_Task description:_ Output the entries below exactly as written, omitting pictures.

● ● ● ●

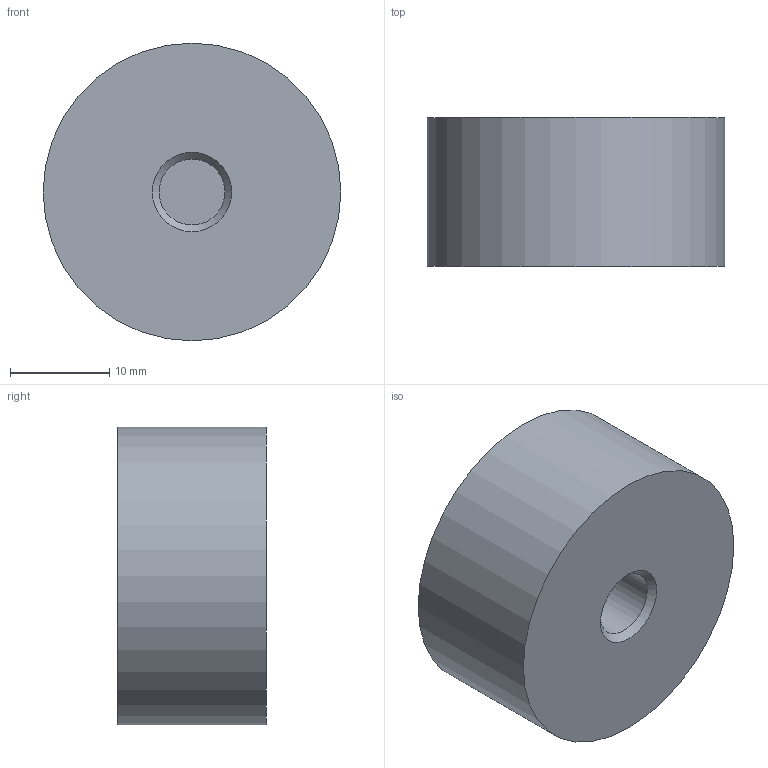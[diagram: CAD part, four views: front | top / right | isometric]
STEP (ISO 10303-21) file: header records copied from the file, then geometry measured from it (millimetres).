
FILE_DESCRIPTION( ( 'STEP AP214' ), '1' );
FILE_NAME( 'K0573.03001555.stp', '2020-12-09T08:46:30', ( '' ), ( '' ), ' ', 'PARTsolutions', ' ' );
FILE_SCHEMA( ( 'AUTOMOTIVE_DESIGN { 1 0 10303 214 1 1 1 1 }' ) );
Length unit declared in the file: millimetre
Products named in the file (1): _K0573.03001555
Bounding box: 30 x 15 x 30 mm (x, y, z)
Volume: 10320.2 mm3; surface area: 2986.8 mm2
Topology: 1 solids, 1 shells, 6 faces, 8 edges, 5 vertices
Faces by surface type: plane 3, cylinder 2, cone 1
Full cylindrical faces by diameter (mm): 6.647 x1, 30 x1
Entity records: 178 total; most frequent: DIRECTION 24, CARTESIAN_POINT 17, AXIS2_PLACEMENT_3D 12, EDGE_LOOP 10, ORIENTED_EDGE 10, FACE_OUTER_BOUND 8, STYLED_ITEM 6, PRESENTATION_STYLE_ASSIGNMENT 6

● ● ● ●

_Answer section:_
[diagram: CAD part, four views: front | top / right | isometric]
STEP (ISO 10303-21) file: header records copied from the file, then geometry measured from it (millimetres).
FILE_DESCRIPTION( ( 'STEP AP214' ), '1' );
FILE_NAME( 'K0573.03001555.stp', '2020-12-09T08:46:30', ( '' ), ( '' ), ' ', 'PARTsolutions', ' ' );
FILE_SCHEMA( ( 'AUTOMOTIVE_DESIGN { 1 0 10303 214 1 1 1 1 }' ) );
Length unit declared in the file: millimetre
Products named in the file (1): _K0573.03001555
Bounding box: 30 x 15 x 30 mm (x, y, z)
Volume: 10320.2 mm3; surface area: 2986.8 mm2
Topology: 1 solids, 1 shells, 6 faces, 8 edges, 5 vertices
Faces by surface type: plane 3, cylinder 2, cone 1
Full cylindrical faces by diameter (mm): 6.647 x1, 30 x1
Entity records: 178 total; most frequent: DIRECTION 24, CARTESIAN_POINT 17, AXIS2_PLACEMENT_3D 12, EDGE_LOOP 10, ORIENTED_EDGE 10, FACE_OUTER_BOUND 8, STYLED_ITEM 6, PRESENTATION_STYLE_ASSIGNMENT 6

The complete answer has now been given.